I would so much like to say that I am with Locke, yet all I can say is that I rejoice when I see good and that I despair when I see or do bad. But I am with Locke in the sense that I think that the good far outweighs the bad. Let us keep it that way!

Losing heart!

The happiest nation on Earth! The happiest nation on Earth, yet not willing to share happiness. The happiest nation on Earth believing that happiness can be sustained in isolation; that happiness has no moral connotation!
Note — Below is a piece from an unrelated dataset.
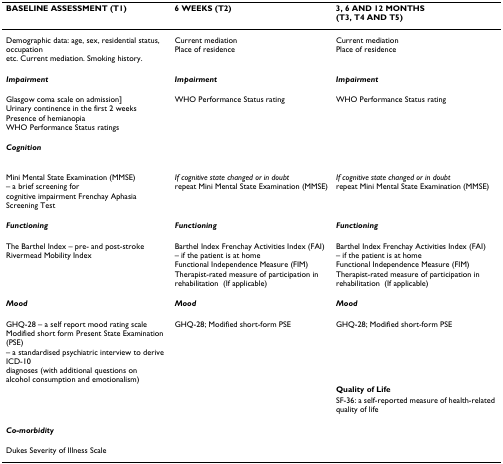
<table><thead><tr><td><b>BASELINE ASSESSMENT (T1)</b></td><td><b>6 WEEKS (T2)</b></td><td><b>3, 6 AND 12 MONTHS(T3, T4 AND T5)</b></td></tr></thead><tbody><tr><td>Demographic data: age, sex, residential status, occupation etc. Current mediation. Smoking history.</td><td>Current mediationPlace of residence</td><td>Current mediationPlace of residence</td></tr><tr><td><b><i>Impairment</i></b></td><td><b><i>Impairment</i></b></td><td><b><i>Impairment</i></b></td></tr><tr><td>Glasgow coma scale on admission]Urinary continence in the first 2 weeksPresence of hemianopiaWHO Performance Status ratings</td><td>WHO Performance Status rating</td><td>WHO Performance Status rating</td></tr><tr><td><b><i>Cognition</i></b></td><td>[EMPTY_CELL]</td><td>[EMPTY_CELL]</td></tr><tr><td>Mini Mental State Examination (MMSE) – a brief screening for cognitive impairment Frenchay Aphasia Screening Test</td><td><i>If cognitive state changed or in doubt </i>repeat Mini Mental State Examination (MMSE)</td><td><i>If cognitive state changed or in doubt </i>repeat Mini Mental State Examination (MMSE)</td></tr><tr><td><b><i>Functioning</i></b></td><td><b><i>Functioning</i></b></td><td><b><i>Functioning</i></b></td></tr><tr><td>The Barthel Index – pre- and post-strokeRivermead Mobility Index</td><td>Barthel Index Frenchay Activities Index (FAI) – if the patient is at homeFunctional Independence Measure (FIM)Therapist-rated measure of participation in rehabilitation(If applicable)</td><td>Barthel Index Frenchay Activities Index (FAI) – if the patient is at homeFunctional Independence Measure (FIM)Therapist-rated measure of participation in rehabilitation(If applicable)</td></tr><tr><td><b><i>Mood</i></b></td><td><b><i>Mood</i></b></td><td><b><i>Mood</i></b></td></tr><tr><td>GHQ-28 – a self report mood rating scaleModified short form Present State Examination (PSE)– a standardised psychiatric interview to derive ICD-10 diagnoses (with additional questions on alcohol consumption and emotionalism)</td><td>GHQ-28; Modified short-form PSE</td><td>GHQ-28; Modified short-form PSE</td></tr><tr><td>[EMPTY_CELL]</td><td>[EMPTY_CELL]</td><td><b>Quality of Life</b></td></tr><tr><td>[EMPTY_CELL]</td><td>[EMPTY_CELL]</td><td>SF-36: a self-reported measure of health-related quality of life</td></tr><tr><td><b><i>Co-morbidity</i></b></td><td>[EMPTY_CELL]</td><td>[EMPTY_CELL]</td></tr><tr><td>Dukes Severity of Illness Scale</td><td>[EMPTY_CELL]</td><td>[EMPTY_CELL]</td></tr></tbody></table>

Denmark, my home country, has decided that a Syrian life is not worth a bit of inconvenience, that Danish comfort dictates heartlessness! Denmark revels in its historic role as the saviour of the Danish Jews during WWII, but sees no relationship to the ethical imperatives of today.

One of the really depressing things about current political discourse is that any political action must be justified from the perspective of the national interest of the country, defined in the narrowest sense. This is the detestable legacy of Senator Jesse Helms and his ‘America first’ ideology. But why should this ‘national interest’ perspective be right. In our private lives we do many things that are not in our own interest, but we do them because they are right. We help those of broken minds or broken bodies although we dearly hope we shall never be in that position ourselves. We do these things because they are right. The same within our countries. We see that communities take pain in order to serve the general good, although the inhabitants of these communities will be worse off. A new motorway is built leading to more general prosperity but at the cost of all those living close to the new road. We do it because it is right. We then come to the national level – and suddenly we say that we will not sacrifice anything for the common good because it means that our own prosperity will be impacted. We will not do what is good, because it may not be good for us. This is the logic that would have kept us in the Stone Age if we had applied it across the board. But more importantly it is wrong, wrong, wrong!

The almost as depressing thing as the national interest perspective is its misapplication. Because even if you adopt its logic it does not lead to the xenophobic attitudes of Denmark. Denmark has the same problem as many other European countries of an aging society, and immigrants are on average younger. That will make the pension burden easier to carry. But also, figures from Germany show that foreigners there pay more to the state than they take out in social benefits, and, of course, the long term productivity boost can be considerable depending on how well newcomers can be integrated. Look to the US of yore to see how immigration creates wealth (a lesson the US sadly has also forgotten). But all this is secondary. The real issue is how it can ever be justified to deny refuge to human beings in terrible distress!

I love Denmark, still. After all, home is where the heart is. But if home has no heart how can you love it? When you live in Vienna you are confronted with the misery in the middle of all the incredible prosperity. You go about your daily life as usual, yet something is amiss. The horror of the migrants is there for all to see. In fact, not so different from life in Denmark during the occupation. Back then Denmark took action, showed heart. Now it has lost heart – does not want to see, does not want to understand, does not want to help. Denmark is better than that, I know that. But it is highest time to reject the demagoguery of xenophobia, and to finally show who we are. A nation of good people ready to help, a nation of happy people understanding that happiness does not grow on stones of inhumanity.

Does this have anything to do with my book? No! But there are things much more important! Do not be on the fence. Show heart!